Clause 6: Operation – Covers the vehicle’s operational life, including the information that must be provided to drivers and operators, field monitoring to detect potential safety issues, and the management of changes during the operational phase.

Clause 7: Service (Maintenance and Repair) – Covers the requirements for maintaining functional safety during service, maintenance, and repair activities, including requirements for service information, replacement parts, and repair procedures.

Clause 8: Decommissioning – Covers the safe end-of-life disposal and recycling of safety-related systems, including any hazards that may arise during disassembly.

Additionally, Part 7 addresses post-SOP modifications – changes to the product after the start of production – and the requirements for field monitoring and incident response.

3. Production Planning for Functional Safety (Clause 5)

Production planning is the process of translating the safety-related design specifications from development into concrete manufacturing instructions, quality controls, and verification procedures that ensure every produced unit achieves the required level of functional safety.

The production plan must be developed before the start of production (SOP) and must be based on the outputs of the development phase – particularly the hardware design specification, the software configuration, the system integration test results, and the safety-related special characteristics identified during development. The plan must be reviewed and approved by the safety manager and must be maintained throughout the production lifecycle.

The production plan is not a standalone document created in isolation – it builds upon and integrates with the organization’s existing production quality management processes (typically based on IATF 16949). ISO 26262 Part 7 adds safety-specific requirements on top of the quality baseline, ensuring that safety-critical aspects receive the additional attention they require.

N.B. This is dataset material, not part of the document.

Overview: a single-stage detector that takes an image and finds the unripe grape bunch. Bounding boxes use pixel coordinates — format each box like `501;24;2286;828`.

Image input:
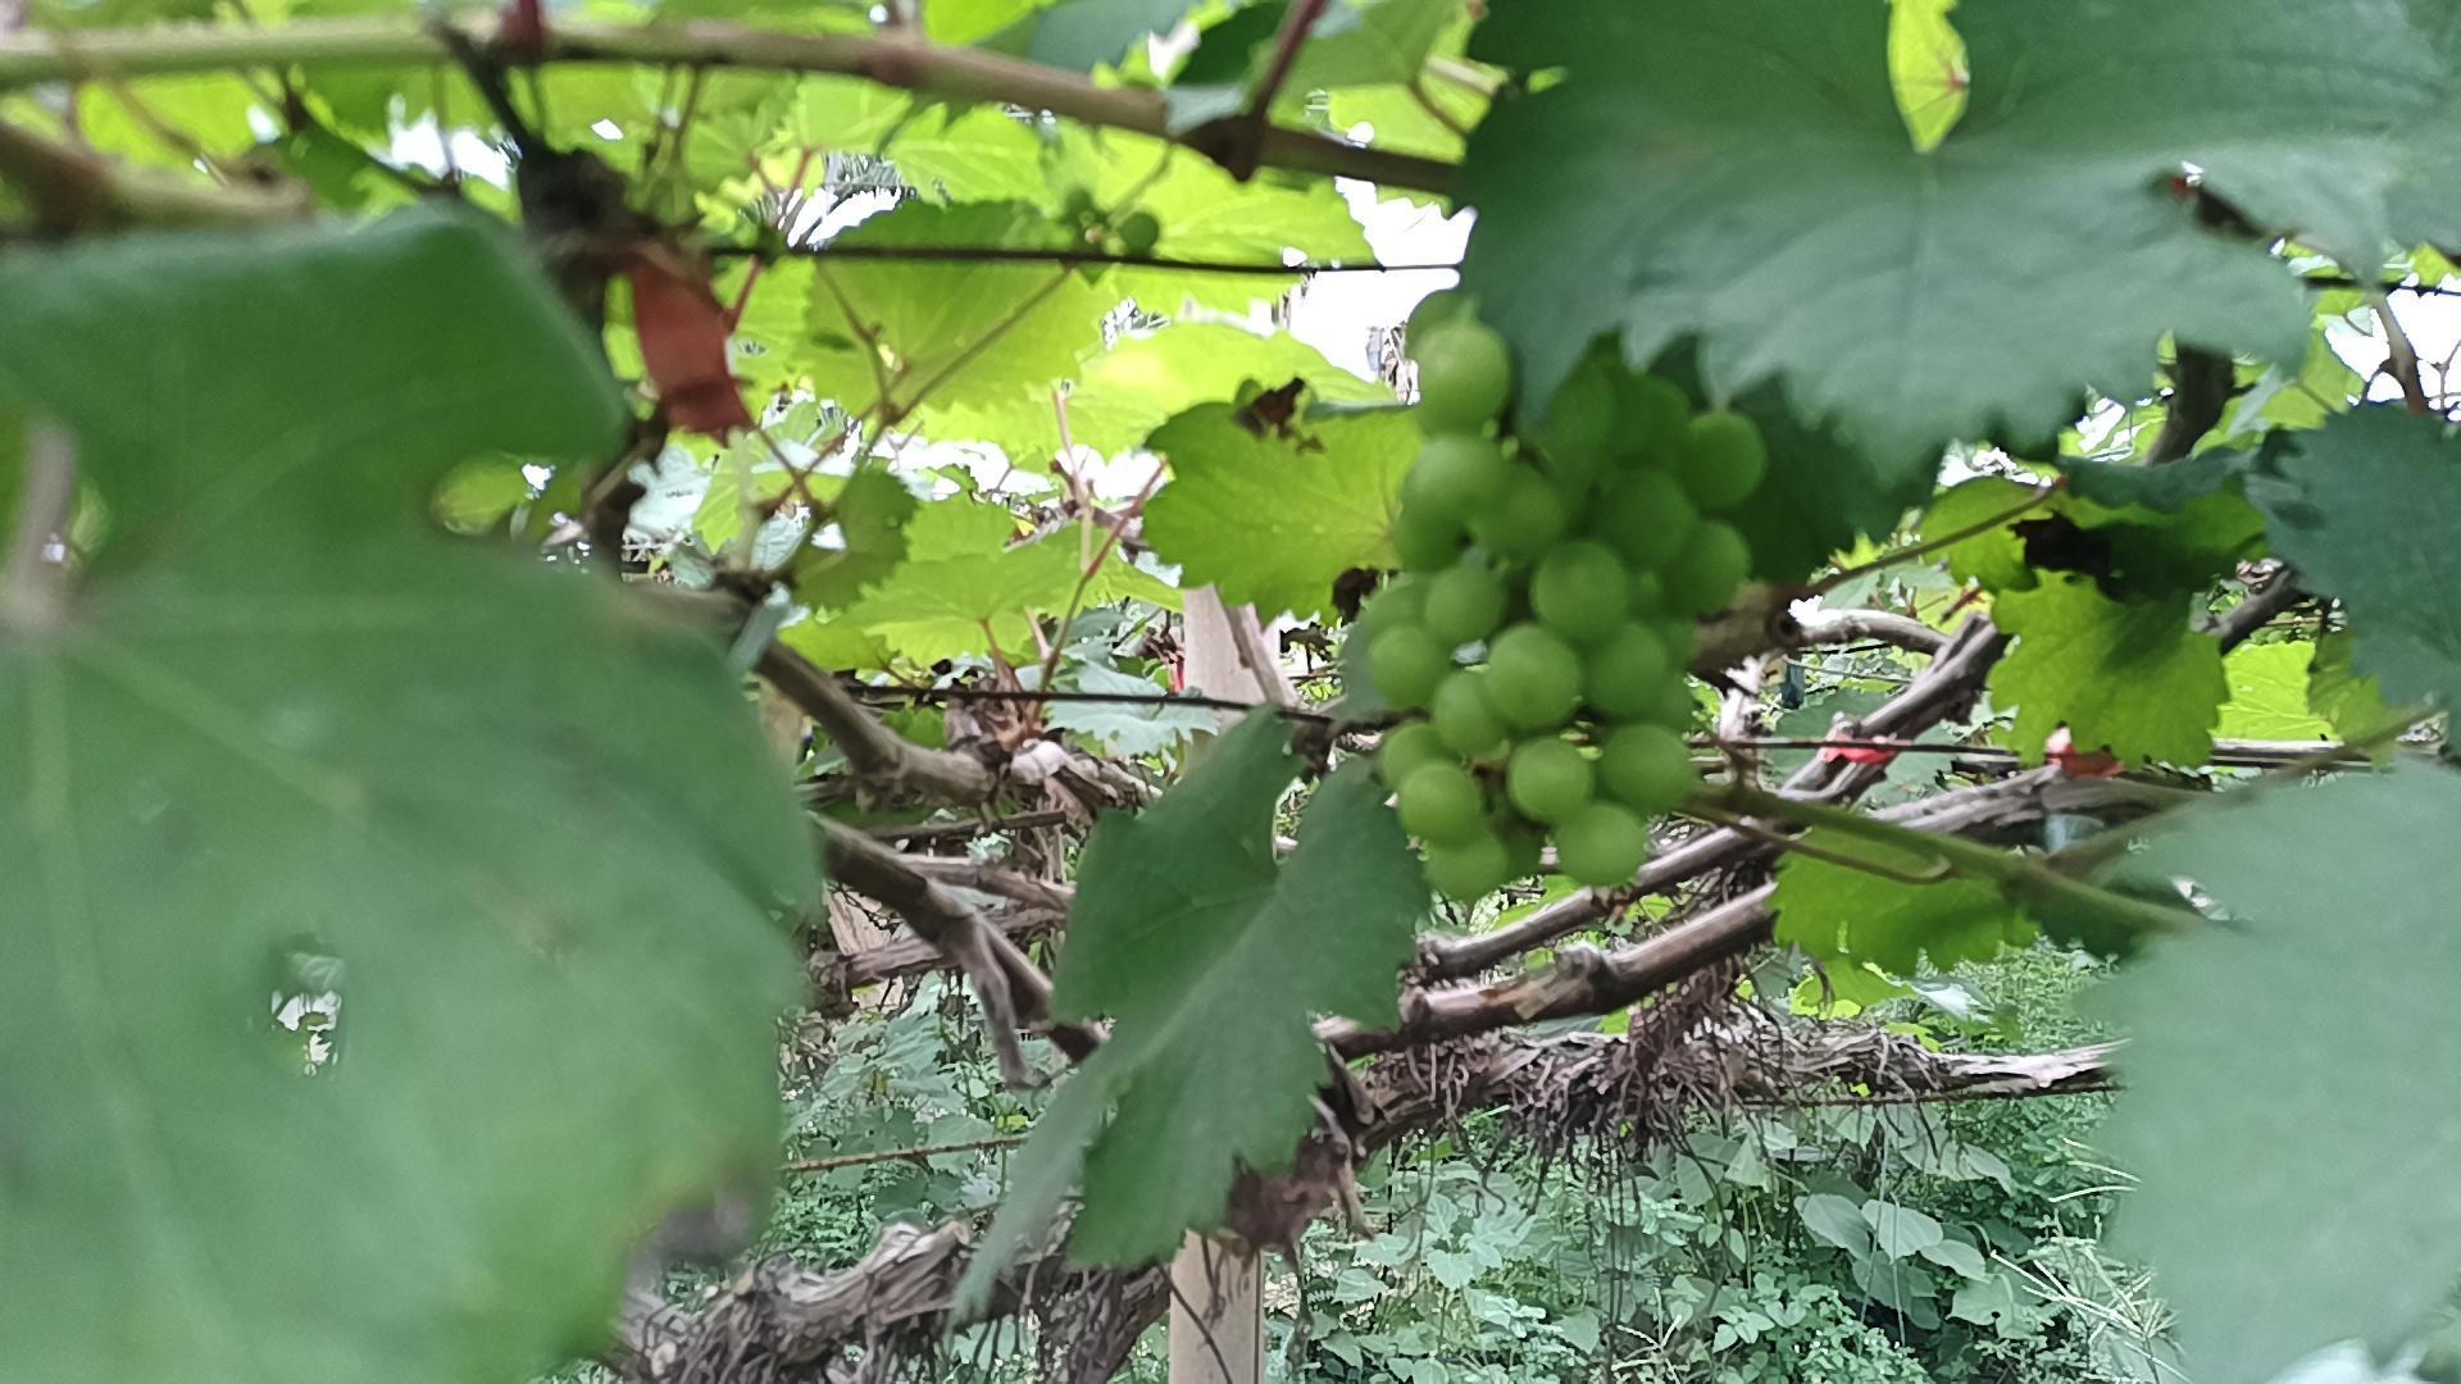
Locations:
1366;296;1766;897

4. What the Production Plan Must Address

ISO 26262-7:2018, Clause 5 specifies that the production plan shall address the following aspects:

Assembly and manufacturing instructions: Detailed procedures for assembling the safety-related item, including specific instructions for processes that affect safety – such as sensor calibration procedures, soldering quality requirements (e.g., IPC standards for safety-critical PCBs), torque specifications for mechanical fasteners in safety-critical assemblies, and correct installation of wiring harnesses.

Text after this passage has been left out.